▸ The task
Which lines of the records below contain the word "nordamerikanische"? Report each of them in full.

▸ Material provided
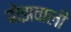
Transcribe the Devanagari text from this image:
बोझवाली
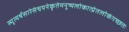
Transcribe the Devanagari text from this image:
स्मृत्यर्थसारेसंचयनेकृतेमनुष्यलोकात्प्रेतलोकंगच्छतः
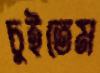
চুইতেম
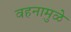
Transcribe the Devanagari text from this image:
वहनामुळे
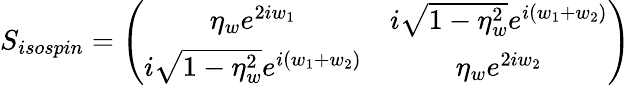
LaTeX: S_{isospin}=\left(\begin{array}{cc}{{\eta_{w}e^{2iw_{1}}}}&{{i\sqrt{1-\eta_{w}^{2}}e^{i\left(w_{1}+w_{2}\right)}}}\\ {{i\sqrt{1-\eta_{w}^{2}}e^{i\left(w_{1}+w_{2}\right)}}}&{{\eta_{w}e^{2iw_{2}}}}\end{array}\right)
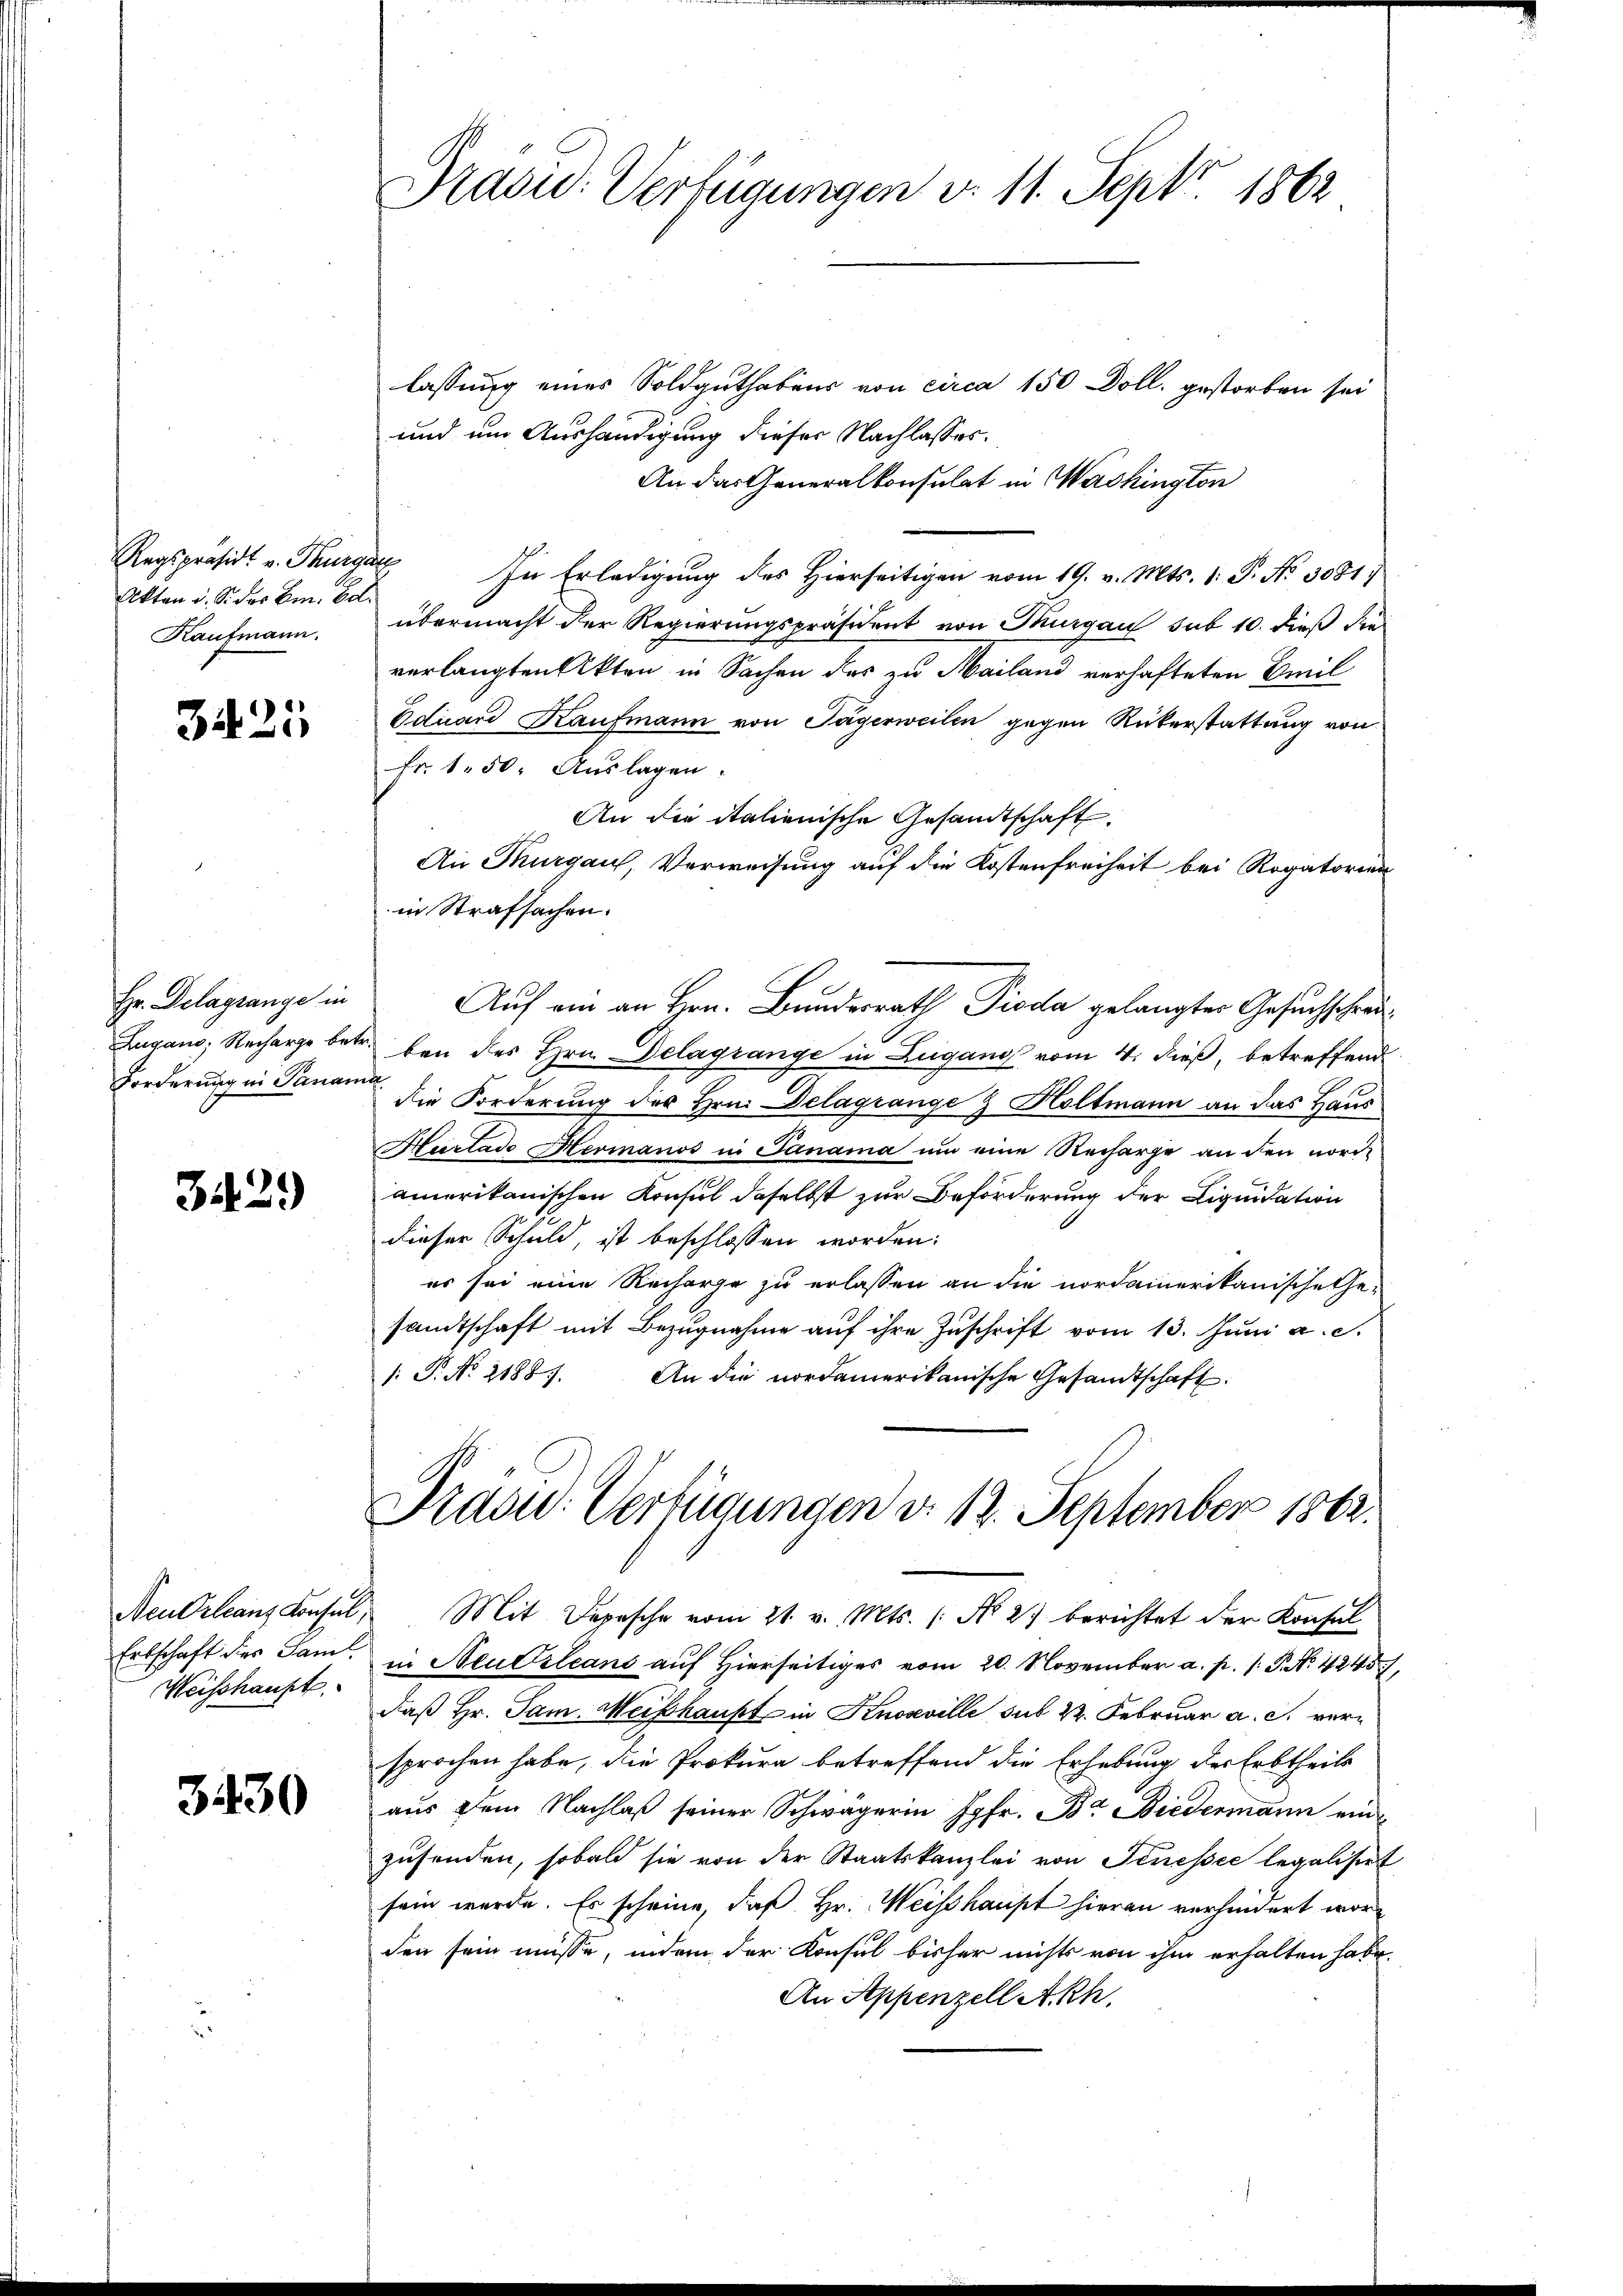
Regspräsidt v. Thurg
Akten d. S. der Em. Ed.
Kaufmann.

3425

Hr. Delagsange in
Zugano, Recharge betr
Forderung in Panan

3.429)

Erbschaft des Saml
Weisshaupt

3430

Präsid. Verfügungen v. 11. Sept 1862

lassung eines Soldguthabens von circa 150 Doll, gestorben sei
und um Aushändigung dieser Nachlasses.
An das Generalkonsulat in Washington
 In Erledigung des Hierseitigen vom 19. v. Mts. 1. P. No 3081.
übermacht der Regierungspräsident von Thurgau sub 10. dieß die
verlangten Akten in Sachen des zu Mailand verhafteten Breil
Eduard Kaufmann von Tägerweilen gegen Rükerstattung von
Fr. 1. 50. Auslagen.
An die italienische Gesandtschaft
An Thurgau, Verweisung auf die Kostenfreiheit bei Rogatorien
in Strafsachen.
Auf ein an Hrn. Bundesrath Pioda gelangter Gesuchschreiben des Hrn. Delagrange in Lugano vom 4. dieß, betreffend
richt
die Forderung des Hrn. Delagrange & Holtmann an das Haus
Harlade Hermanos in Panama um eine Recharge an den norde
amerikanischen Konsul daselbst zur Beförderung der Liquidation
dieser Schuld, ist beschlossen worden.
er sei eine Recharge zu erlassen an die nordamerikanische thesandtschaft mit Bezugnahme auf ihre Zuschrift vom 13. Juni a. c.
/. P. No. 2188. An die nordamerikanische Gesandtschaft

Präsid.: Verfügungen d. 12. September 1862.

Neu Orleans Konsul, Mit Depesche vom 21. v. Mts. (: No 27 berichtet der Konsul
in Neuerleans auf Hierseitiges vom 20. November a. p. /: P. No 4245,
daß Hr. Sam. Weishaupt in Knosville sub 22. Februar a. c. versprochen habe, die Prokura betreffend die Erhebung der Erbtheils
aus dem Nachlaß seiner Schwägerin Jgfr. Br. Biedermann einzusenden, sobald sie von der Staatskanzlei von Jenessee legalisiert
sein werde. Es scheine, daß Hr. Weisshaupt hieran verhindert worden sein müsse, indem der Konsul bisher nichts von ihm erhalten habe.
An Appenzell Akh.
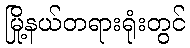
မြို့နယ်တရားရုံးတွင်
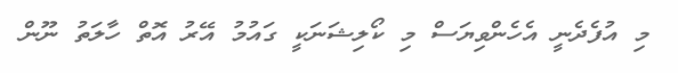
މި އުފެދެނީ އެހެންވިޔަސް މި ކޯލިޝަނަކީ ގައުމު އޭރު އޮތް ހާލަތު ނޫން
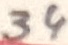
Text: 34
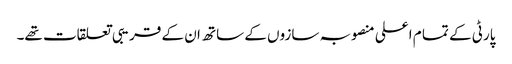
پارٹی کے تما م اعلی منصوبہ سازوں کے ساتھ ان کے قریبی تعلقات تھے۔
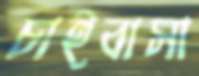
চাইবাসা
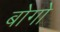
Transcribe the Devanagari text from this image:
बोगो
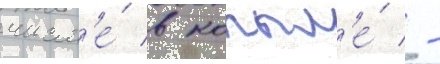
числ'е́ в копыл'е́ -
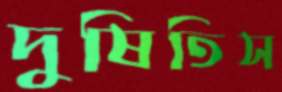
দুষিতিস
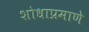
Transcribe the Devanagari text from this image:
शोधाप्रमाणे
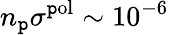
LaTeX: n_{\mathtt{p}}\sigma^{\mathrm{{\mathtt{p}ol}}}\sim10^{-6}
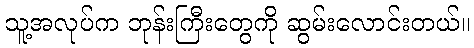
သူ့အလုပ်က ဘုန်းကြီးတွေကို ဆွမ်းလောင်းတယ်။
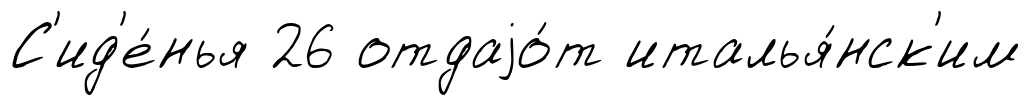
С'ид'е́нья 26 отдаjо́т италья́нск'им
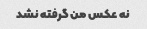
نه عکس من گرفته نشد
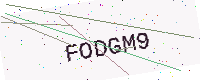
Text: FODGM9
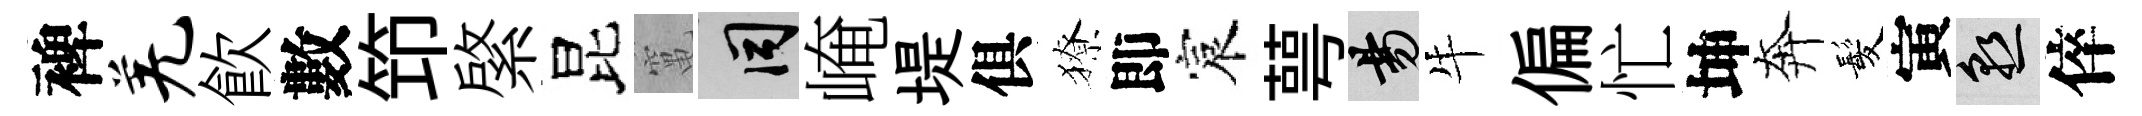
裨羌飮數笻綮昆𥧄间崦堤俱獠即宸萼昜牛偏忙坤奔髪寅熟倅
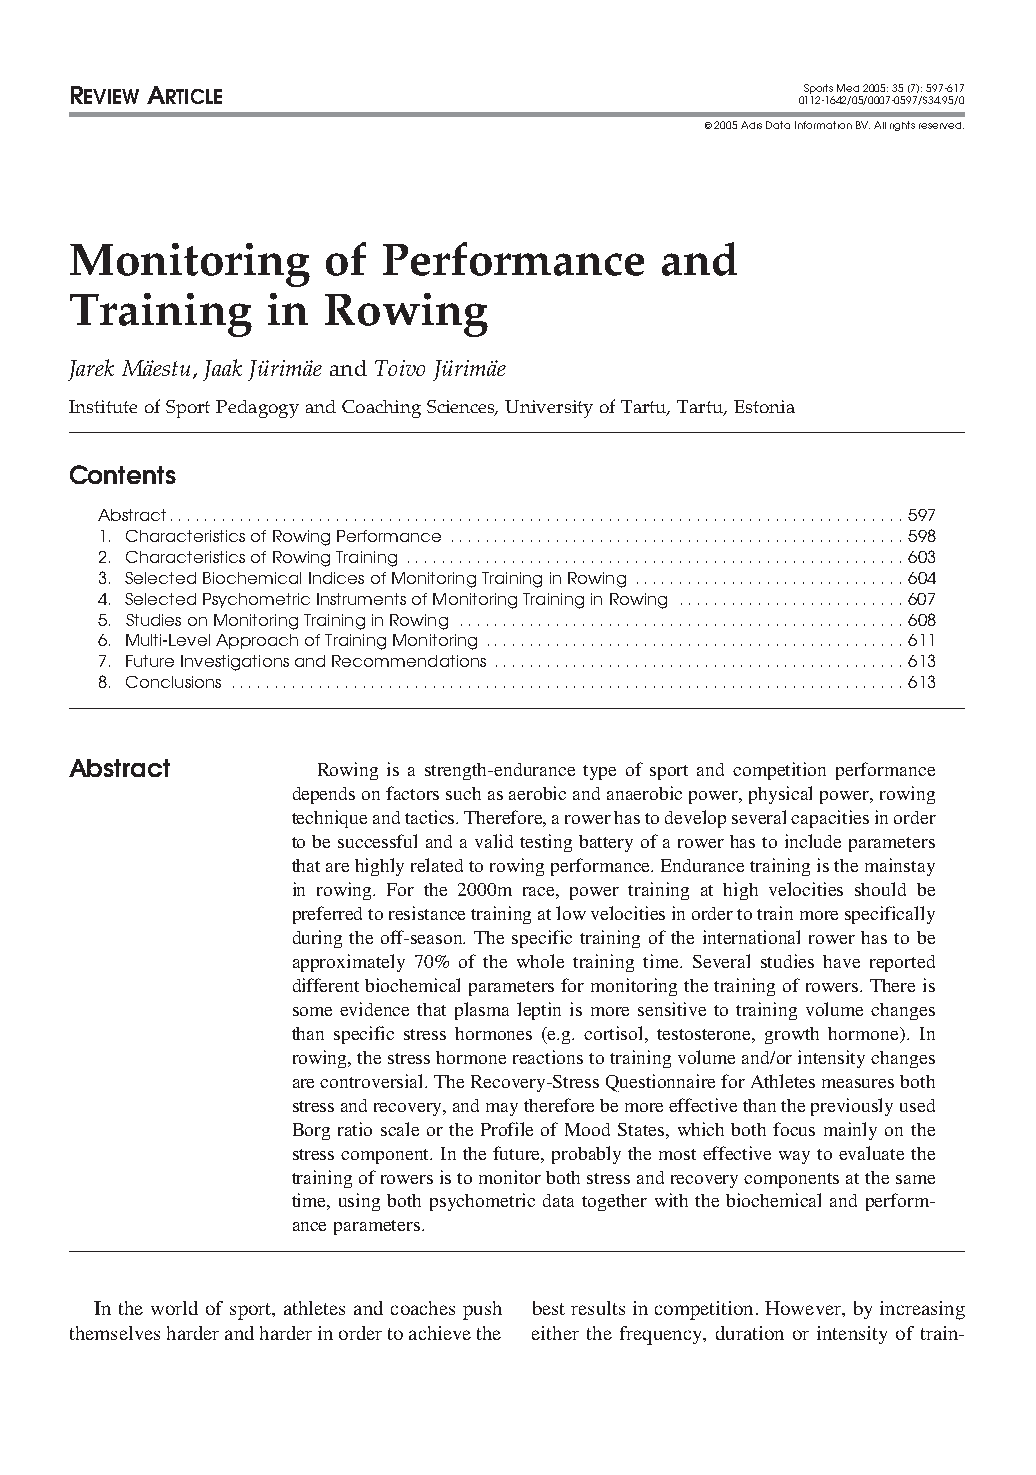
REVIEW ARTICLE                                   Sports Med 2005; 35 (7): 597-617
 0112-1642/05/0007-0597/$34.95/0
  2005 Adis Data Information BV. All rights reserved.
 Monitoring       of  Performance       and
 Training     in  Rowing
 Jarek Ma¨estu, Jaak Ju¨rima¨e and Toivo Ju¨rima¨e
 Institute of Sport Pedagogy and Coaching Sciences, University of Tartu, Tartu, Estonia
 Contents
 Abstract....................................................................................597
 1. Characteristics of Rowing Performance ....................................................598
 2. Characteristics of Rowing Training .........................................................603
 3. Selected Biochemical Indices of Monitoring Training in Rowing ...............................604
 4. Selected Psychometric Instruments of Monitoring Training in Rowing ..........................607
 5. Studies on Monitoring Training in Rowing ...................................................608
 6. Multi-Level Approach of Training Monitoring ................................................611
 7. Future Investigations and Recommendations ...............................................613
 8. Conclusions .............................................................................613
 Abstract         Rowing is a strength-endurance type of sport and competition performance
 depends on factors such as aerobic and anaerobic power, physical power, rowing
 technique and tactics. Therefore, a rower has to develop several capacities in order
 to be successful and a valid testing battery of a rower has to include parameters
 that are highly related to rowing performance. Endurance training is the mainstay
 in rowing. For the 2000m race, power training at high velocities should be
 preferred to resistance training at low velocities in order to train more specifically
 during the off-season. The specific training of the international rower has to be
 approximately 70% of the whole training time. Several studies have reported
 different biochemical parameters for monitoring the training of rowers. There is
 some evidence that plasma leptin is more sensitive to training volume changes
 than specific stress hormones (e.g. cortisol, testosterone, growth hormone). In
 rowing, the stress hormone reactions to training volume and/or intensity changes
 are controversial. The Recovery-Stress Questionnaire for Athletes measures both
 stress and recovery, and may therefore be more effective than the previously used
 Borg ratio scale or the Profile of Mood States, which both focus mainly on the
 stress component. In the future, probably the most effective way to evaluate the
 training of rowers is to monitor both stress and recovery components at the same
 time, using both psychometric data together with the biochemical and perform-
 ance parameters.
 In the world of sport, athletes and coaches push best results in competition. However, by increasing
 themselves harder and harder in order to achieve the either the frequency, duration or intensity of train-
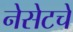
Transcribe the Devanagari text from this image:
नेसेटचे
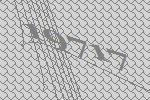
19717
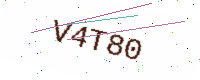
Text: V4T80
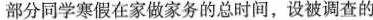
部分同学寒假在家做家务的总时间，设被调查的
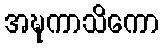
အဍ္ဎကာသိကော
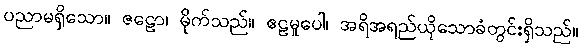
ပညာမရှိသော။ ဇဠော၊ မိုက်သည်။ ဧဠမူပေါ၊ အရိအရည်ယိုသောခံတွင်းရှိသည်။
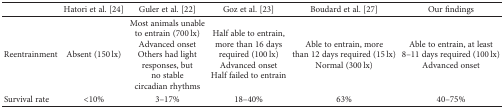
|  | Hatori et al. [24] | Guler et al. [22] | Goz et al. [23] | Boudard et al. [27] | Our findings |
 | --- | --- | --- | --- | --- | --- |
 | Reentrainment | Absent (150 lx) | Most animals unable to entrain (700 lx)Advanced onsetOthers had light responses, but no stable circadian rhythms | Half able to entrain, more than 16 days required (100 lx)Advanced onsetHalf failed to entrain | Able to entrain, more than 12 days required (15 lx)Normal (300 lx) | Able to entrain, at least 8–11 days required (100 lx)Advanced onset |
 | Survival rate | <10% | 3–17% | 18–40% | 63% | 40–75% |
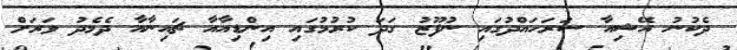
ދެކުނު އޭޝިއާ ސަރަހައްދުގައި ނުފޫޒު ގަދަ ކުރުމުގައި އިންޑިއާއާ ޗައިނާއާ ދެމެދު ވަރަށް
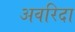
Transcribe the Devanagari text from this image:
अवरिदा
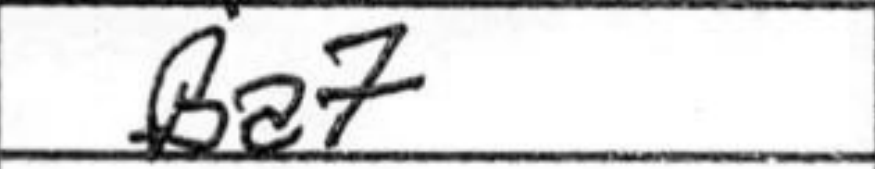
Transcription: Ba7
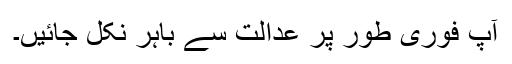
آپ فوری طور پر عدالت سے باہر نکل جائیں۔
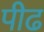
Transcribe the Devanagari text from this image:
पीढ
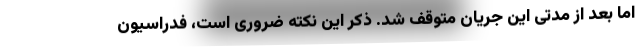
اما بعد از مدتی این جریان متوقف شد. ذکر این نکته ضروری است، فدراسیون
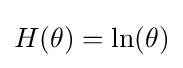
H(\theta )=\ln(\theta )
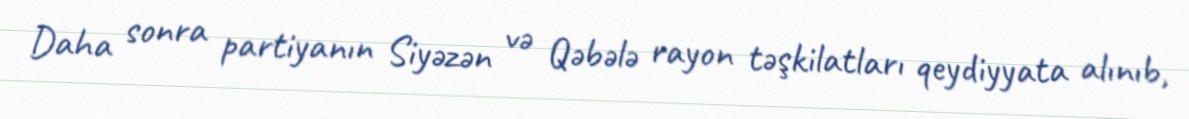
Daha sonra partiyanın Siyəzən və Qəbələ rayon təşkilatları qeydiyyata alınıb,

▸ Result of the exercise
er sei eine Recharge zu erlassen an die nordamerikanische thesandtschaft mit Bezugnahme auf ihre Zuschrift vom 13. Juni a. c.
/. P. No. 2188. An die nordamerikanische Gesandtschaft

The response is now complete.